This time of Lockdown and Social Distancing, due to COVID-19 is not easy. It can have a significantly negative impact on our mental, physical, and emotional health and wellbeing. Difficult conversations are being had, isolation and loneliness are really tough and it’s particularly hard that we don’t know how long this period may last.
In this video, I share some ideas of the kind of things that can help us stay well. It’s by no means an exhaustive list, but hopefully helps us think about how we can stay well individually whilst also looking out for our neighbours. None of this is easy, but whilst we’re staying home to suppress the virus, stop the spread and give our health (and other front line) services the best chance of caring for people, we need to ensure we stay healthy and well, whilst building our strength and resilience. Together we can!
My friend, Dr Sammy Batt-Rawden knows only too well the dangers of just keeping her chin up and carrying on. In this beautiful, but heart-wrenching TEDx talk, she tells her story.

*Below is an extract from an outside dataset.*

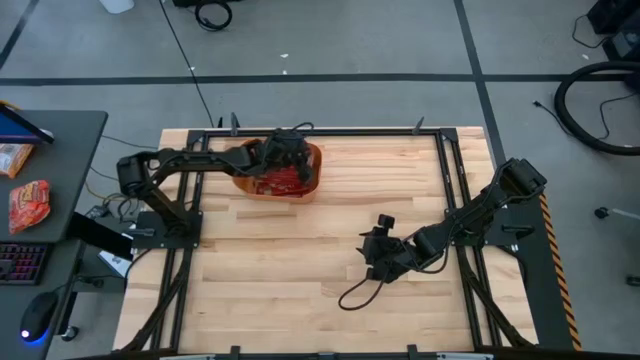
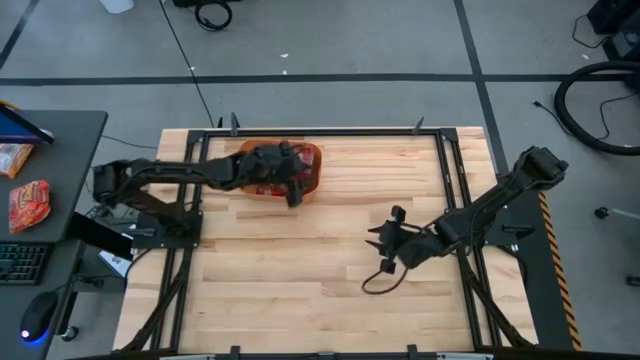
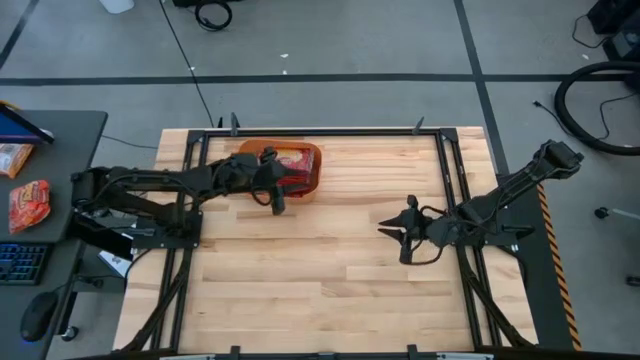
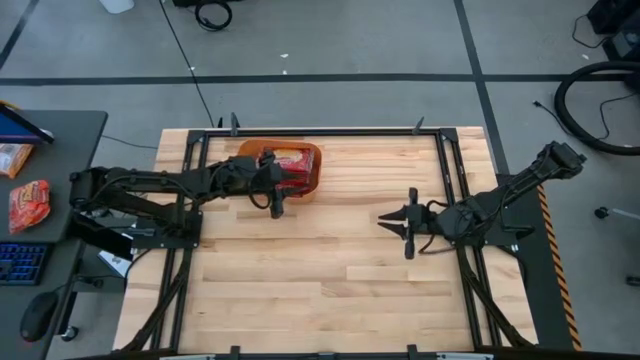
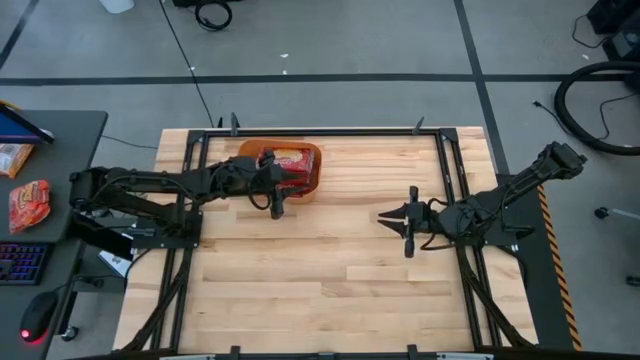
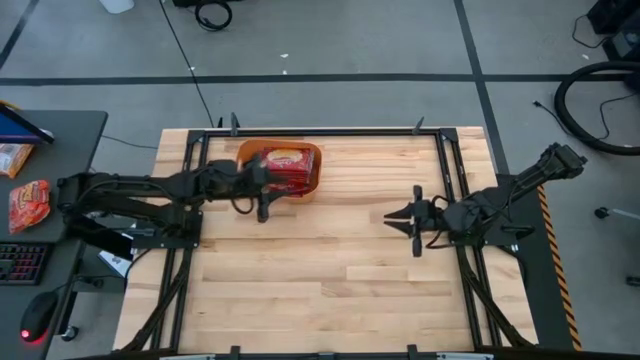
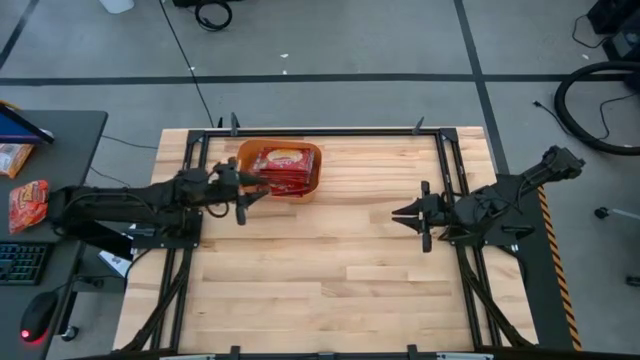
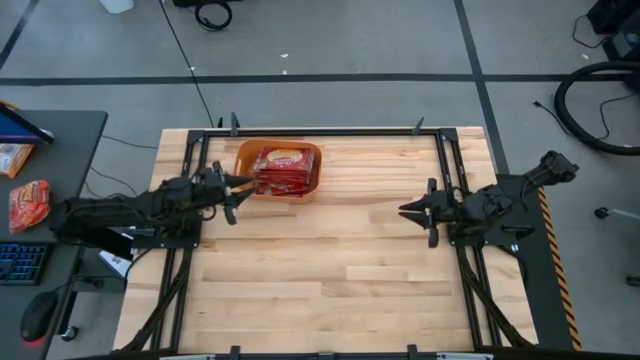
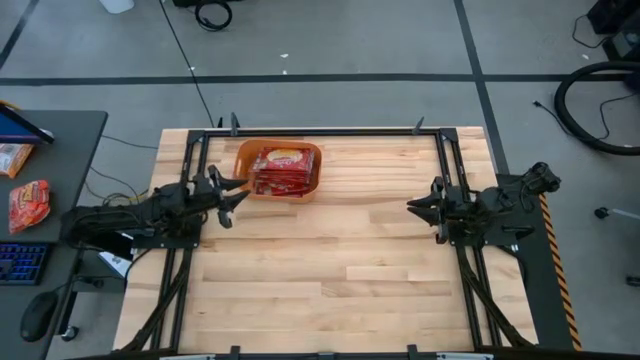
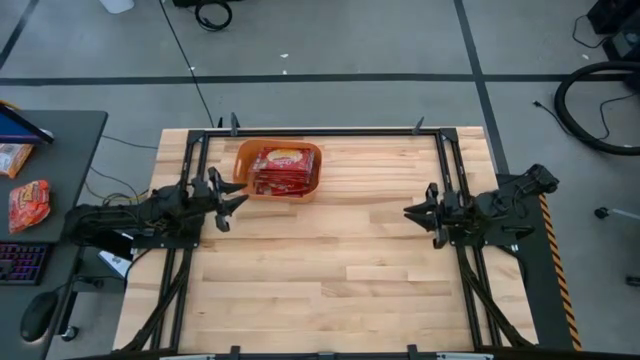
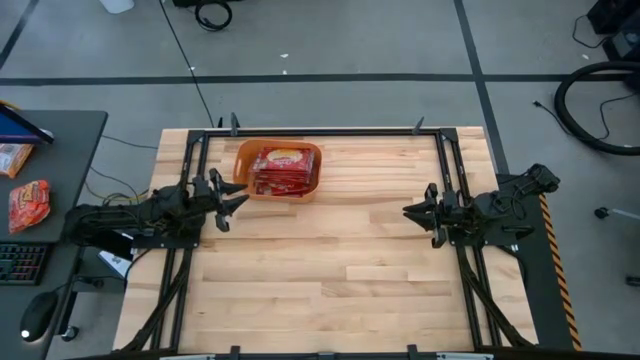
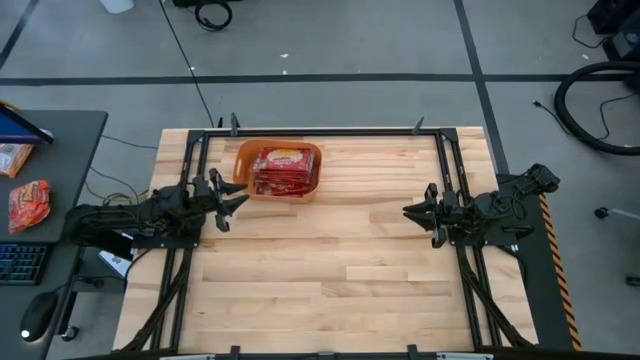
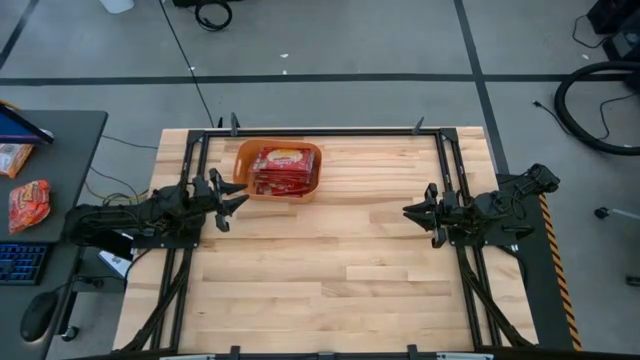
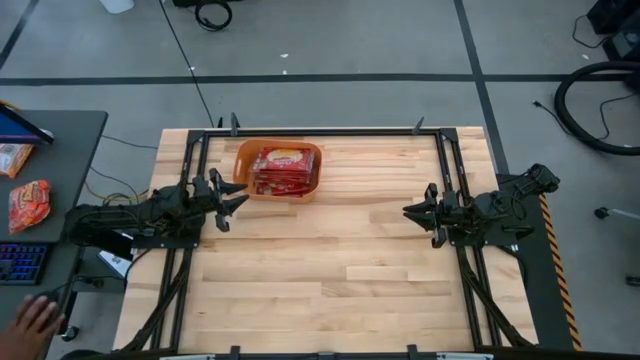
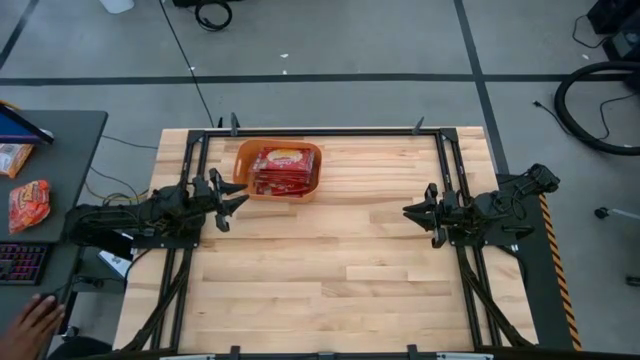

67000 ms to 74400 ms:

Staff in the NHS (and indeed all our public services) are working against a tide of a huge rise in public demand, funding constraints and dangerously low staffing levels for what is required. The old edict to ‘keep calm and carry on’ simply misses the point. There isn’t a culture of shirking responsibility in the NHS. People are going way above and beyond every day, and it is taking it’s very real toll. Yes, we need to increasingly develop cultures of joy and kindness in how we work, but there must be determined change by leaders in the Government to ensure that the buck is not passed when it comes to who is responsible for ensuring the wellbeing of our clinical teams across the UK. Teams are already doing much to take care of each other and themselves, and yet staff surveys across the UK show that absenteeism is increasing, along with burnout and morale continues to decline. Do the maths!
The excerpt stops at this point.